Collection entries
((

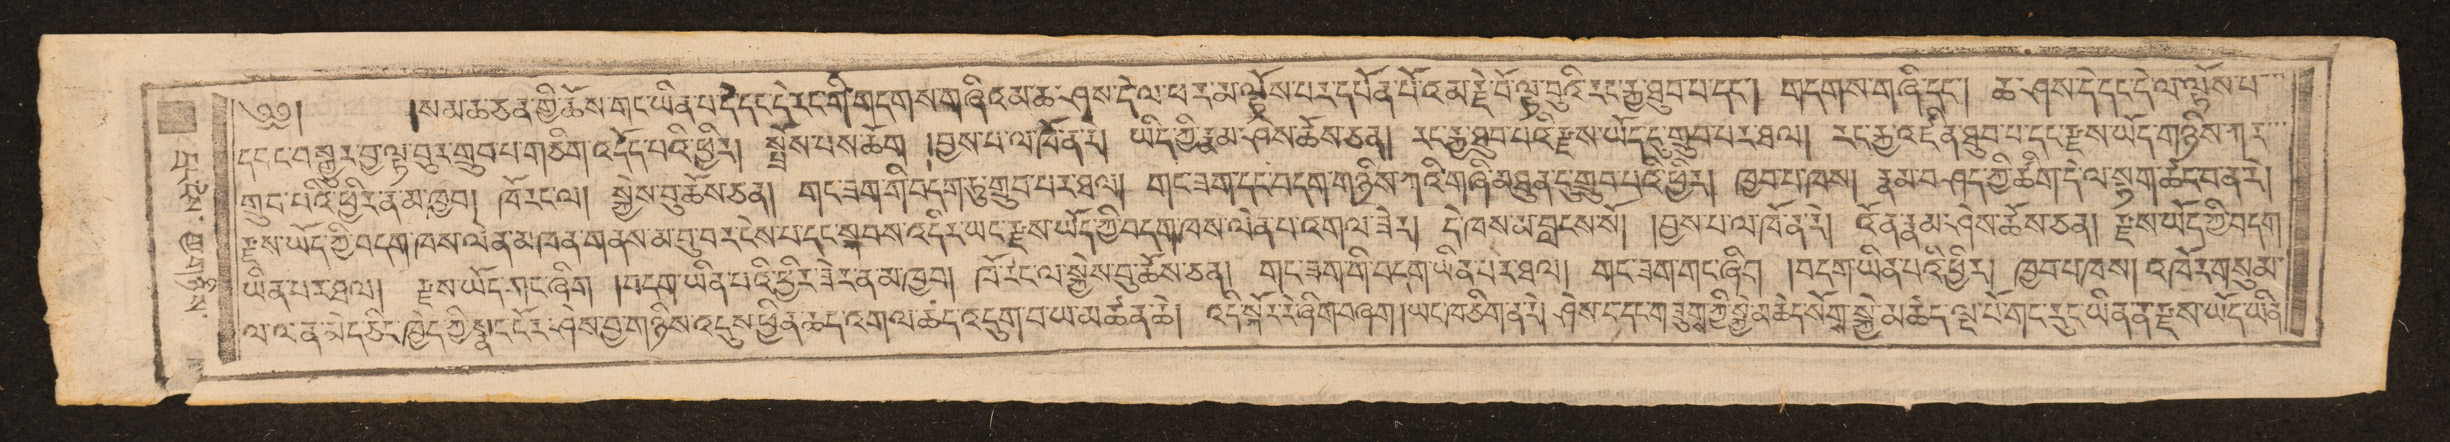༄༅། །སམ་ཆ་ཅན་གྱི་ཆོས་གང་ཡིན་པ་དེ་དང་དེ་རང་གི་གདགས་གཞིའམ་ཆ་ཤས་དེ་ལ་ཕར་མ་ལྟོས་པར་དཔོན་པོའམ་རྗེ་བོ་ལྟ་བུའི་རང་རྐྱ་ཐུབ་པ་དང་། གདགས་གཞི་དང་། ཆ་ཤས་དེ་དང་དེ་ལ་ལྟོས་པ་
དབང་བསྒྱུར་བྱ་ལྟ་བུར་གྲུབ་པ་གཅིག་འདོད་པའི་ཕྱིར། སྤྲོས་པས་ཆོག །བྱས་པ་ལ་ཁོ་ན་རེ། ཡིད་ཀྱི་རྣམ་ཤེས་ཆོས་ཅན། རང་རྐྱ་ཐུབ་པའི་རྫས་ཡོད་དུ་གྲུབ་པར་ཐལ། རང་རྐྱ་འཛིན་ཐུབ་པ་དང་རྫས་ཡོད་གཉིས་ཀར་
གྲུབ་པའི་ཕྱིར་ན་མ་ཁྱབ། ཁོ་རང་ལ། སྐྱེས་བུ་ཆོས་ཅན། གང་ཟག་གི་བདག་ཏུ་གྲུབ་པར་ཐལ། གང་ཟག་དང་བདག་གཉིས་ཀའི་གཞི་མཐུན་དུ་གྲུབ་པའི་ཕྱིར། ཁྱབ་པ་ཁས། རྣམ་བཤད་ཀྱི་ཚིག་དེ་ལ་སྟག་ཚང་བ་ན་རེ།
རྫས་ཡོད་ཀྱི་བདག་ཁས་ལེན་མཁན་གནས་མ་བུ་བར་ངེས་པ་དང་སྐབས་འདིར་ཡང་རྫས་ཡོད་ཀྱི་བདག་ཁས་ལེན་པ་འགལ་ཟེར། དེ་ཁས་མ་བླངས་སོ། །བྱས་པ་ལ་ཁོ་ན་རེ། འོ་ན་རྣམ་ཤེས་ཆོས་ཅན། རྫས་ཡོད་ཀྱི་བདག་
ཡིན་པར་ཐལ། རྫས་ཡོད་གང་ཞིག །བདག་ཡིན་པའི་ཕྱིར་ཟེར་ན་མ་ཁྱབ། ཁོ་རང་ལ་སྐྱེས་བུ་ཆོས་ཅན། གང་ཟག་གི་བདག་ཡིན་པར་ཐལ། གང་ཟག་གང་ཞིག །བདག་ཡིན་པའི་ཕྱིར། ཁྱབ་པ་ཁས། འཁོར་གསུམ་
ལ་ལན་མེད་ཅིང་ཁྱེད་ཀྱི་སྣང་ངོར་ཤེས་བྱ་གཉིས་འདུས་ཕྱིན་ཆད་འགལ་ཚང་འདུག་པ་ཡ་མཚན་ཆེ། འདི་སྐོར་རེ་ཞིག་བཞག །ཡང་ཁ་ཅིག་ན་རེ། ཤེས་པ་དང་གཟུགས་ཀྱི་སྐྱེ་མཆེད་སོགས་སྐྱེ་མཆེད་ལྔ་པོ་གང་རུང་ཡིན་ན་རྫས་ཡོད་ཡིན་
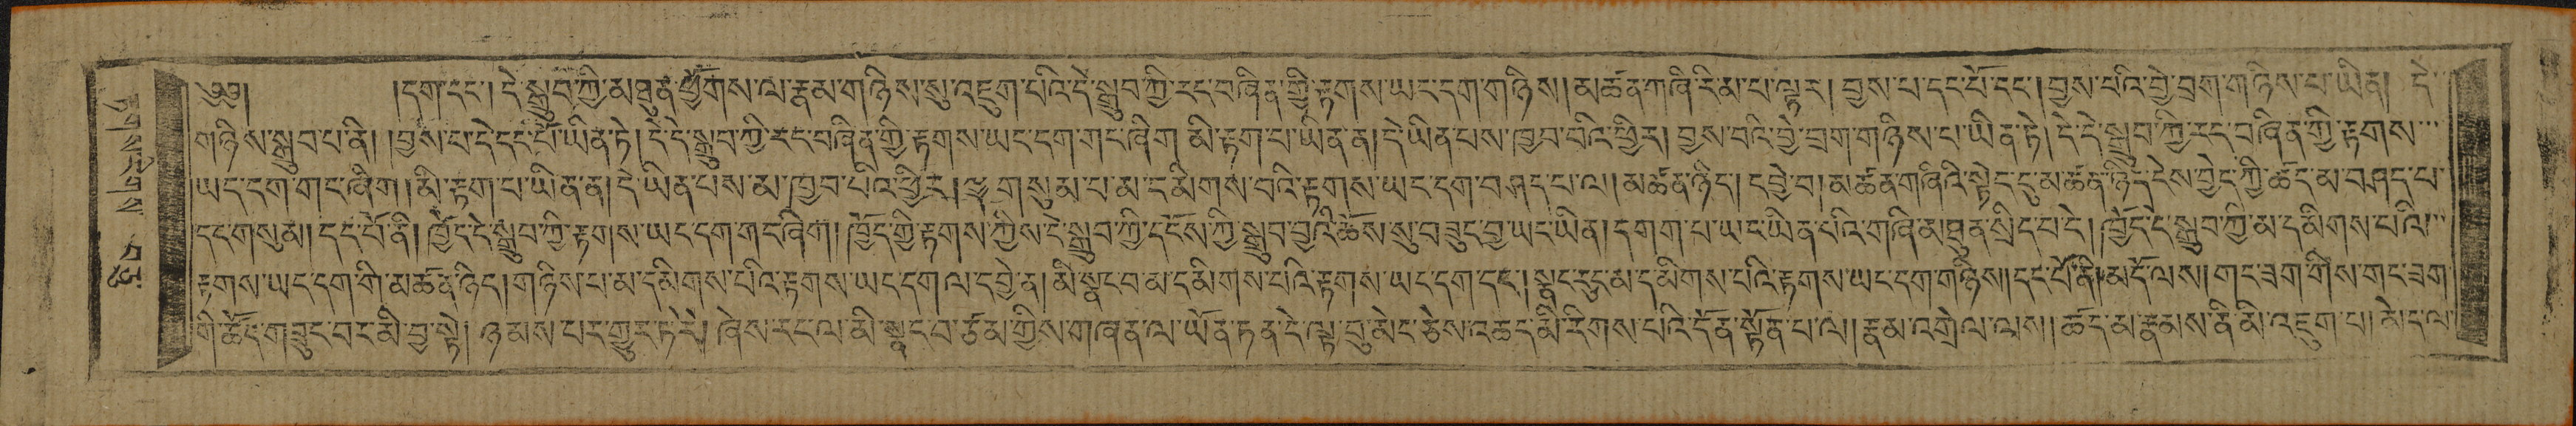༄༅། །དག་དང་། དེ་སྒྲུབ་ཀྱི་མཐུན་ཕྱོགས་ལ་རྣམ་གཉིས་སུ་འཇུག་པའི་དེ་སྒྲུབ་ཀྱི་རང་བཞིན་གྱི་རྟགས་ཡང་དག་གཉིས། མཚན་གཞི་རིམ་པ་ལྟར། བྱས་པ་དང་པོ་དང་། བྱས་པའི་བྱེ་བྲག་གཉིས་པ་ཡིན། དེ་
གཉིས་སྒྲུབ་པ་ནི། །བྱས་པ་དེ་དང་པོ་ཡིན་ཏེ། དེ་དེ་སྒྲུབ་ཀྱི་རང་བཞིན་གྱི་རྟགས་ཡང་དག་གང་ཞིག་མི་རྟག་པ་ཡིན་ན། དེ་ཡིན་པས་ཁྱབ་པའི་ཕྱིར། བྱས་པའི་བྱེ་བྲག་གཉིས་པ་ཡིན་ཏེ། དེ་དེ་སྒྲུབ་ཀྱི་རང་བཞིན་གྱི་རྟགས་
ཡང་དག་གང་ཞིག །མི་རྟག་པ་ཡིན་ན། དེ་ཡིན་པས་མ་ཁྱབ་པའི་ཕྱིར། ༈ གསུམ་པ་མ་དམིགས་པའི་རྟགས་ཡང་དག་བཤད་པ་ལ། མཚན་ཉིད། དབྱེ་བ། མཚན་གཞིའི་སྟེང་དུ་མཚན་ཉིད་ངེས་བྱེད་ཀྱི་ཚད་མ་བཤད་པ་
དང་གསུམ། དང་པོ་ནི། ཁྱོད་དེ་སྒྲུབ་ཀྱི་རྟགས་ཡང་དག་གང་ཞིག །ཁྱོད་ཀྱི་རྟགས་ཀྱིས་དེ་སྒྲུབ་ཀྱི་དངོས་ཀྱི་སྒྲུབ་བྱའི་ཆོས་སུ་བཟུང་བྱ་ཡང་ཡིན། དགག་པ་ཡང་ཡིན་པའི་གཞི་མཐུན་སྲིད་པ་དེ། ཁྱོད་དེ་སྒྲུབ་ཀྱི་མ་དམིགས་པའི་
རྟགས་ཡང་དག་གི་མཚན་ཉིད། གཉིས་པ་མ་དམིགས་པའི་རྟགས་ཡང་དག་ལ་དབྱེ་ན། མི་སྣང་བ་མ་དམིགས་པའི་རྟགས་ཡང་དག་དང་། སྣང་རུང་མ་དམིགས་པའི་རྟགས་ཡང་དག་གཉིས། དང་པོ་ནི། མདོ་ལས། གང་ཟག་གིས་གང་ཟག་
གི་ཚོད་གཟུང་བར་མི་བྱ་སྟེ། ཉམས་པར་གྱུར་ཏེ་རེ། ཞེས་རང་ལ་མི་སྣང་བ་ཙམ་གྱིས་གཞན་ལ་ཡོན་ཏན་དེ་ལྟ་བུ་མེད་ཅེས་འཆད་མི་རིགས་པའི་དོན་སྟོན་པ་ལ། རྣམ་འགྲེལ་ལས། ཚད་མ་རྣམས་ནི་མི་འཇུག་པ། མེད་ལ་

))

Skipping every picture, transcribe exactly the lines above from the one containing "སྤྲོས་པས་ཆོག །བྱས་པ་ལ་ཁོ་ན་རེ། ཡིད་ཀྱི་རྣམ་ཤེས་ཆོས་ཅན།" through the one containing "བྱས་པ་དང་པོ་དང་། བྱས་པའི་བྱེ་བྲག་གཉིས་པ་ཡིན། དེ་", both included.

དབང་བསྒྱུར་བྱ་ལྟ་བུར་གྲུབ་པ་གཅིག་འདོད་པའི་ཕྱིར། སྤྲོས་པས་ཆོག །བྱས་པ་ལ་ཁོ་ན་རེ། ཡིད་ཀྱི་རྣམ་ཤེས་ཆོས་ཅན། རང་རྐྱ་ཐུབ་པའི་རྫས་ཡོད་དུ་གྲུབ་པར་ཐལ། རང་རྐྱ་འཛིན་ཐུབ་པ་དང་རྫས་ཡོད་གཉིས་ཀར་
གྲུབ་པའི་ཕྱིར་ན་མ་ཁྱབ། ཁོ་རང་ལ། སྐྱེས་བུ་ཆོས་ཅན། གང་ཟག་གི་བདག་ཏུ་གྲུབ་པར་ཐལ། གང་ཟག་དང་བདག་གཉིས་ཀའི་གཞི་མཐུན་དུ་གྲུབ་པའི་ཕྱིར། ཁྱབ་པ་ཁས། རྣམ་བཤད་ཀྱི་ཚིག་དེ་ལ་སྟག་ཚང་བ་ན་རེ།
རྫས་ཡོད་ཀྱི་བདག་ཁས་ལེན་མཁན་གནས་མ་བུ་བར་ངེས་པ་དང་སྐབས་འདིར་ཡང་རྫས་ཡོད་ཀྱི་བདག་ཁས་ལེན་པ་འགལ་ཟེར། དེ་ཁས་མ་བླངས་སོ། །བྱས་པ་ལ་ཁོ་ན་རེ། འོ་ན་རྣམ་ཤེས་ཆོས་ཅན། རྫས་ཡོད་ཀྱི་བདག་
ཡིན་པར་ཐལ། རྫས་ཡོད་གང་ཞིག །བདག་ཡིན་པའི་ཕྱིར་ཟེར་ན་མ་ཁྱབ། ཁོ་རང་ལ་སྐྱེས་བུ་ཆོས་ཅན། གང་ཟག་གི་བདག་ཡིན་པར་ཐལ། གང་ཟག་གང་ཞིག །བདག་ཡིན་པའི་ཕྱིར། ཁྱབ་པ་ཁས། འཁོར་གསུམ་
ལ་ལན་མེད་ཅིང་ཁྱེད་ཀྱི་སྣང་ངོར་ཤེས་བྱ་གཉིས་འདུས་ཕྱིན་ཆད་འགལ་ཚང་འདུག་པ་ཡ་མཚན་ཆེ། འདི་སྐོར་རེ་ཞིག་བཞག །ཡང་ཁ་ཅིག་ན་རེ། ཤེས་པ་དང་གཟུགས་ཀྱི་སྐྱེ་མཆེད་སོགས་སྐྱེ་མཆེད་ལྔ་པོ་གང་རུང་ཡིན་ན་རྫས་ཡོད་ཡིན་
༄༅། །དག་དང་། དེ་སྒྲུབ་ཀྱི་མཐུན་ཕྱོགས་ལ་རྣམ་གཉིས་སུ་འཇུག་པའི་དེ་སྒྲུབ་ཀྱི་རང་བཞིན་གྱི་རྟགས་ཡང་དག་གཉིས། མཚན་གཞི་རིམ་པ་ལྟར། བྱས་པ་དང་པོ་དང་། བྱས་པའི་བྱེ་བྲག་གཉིས་པ་ཡིན། དེ་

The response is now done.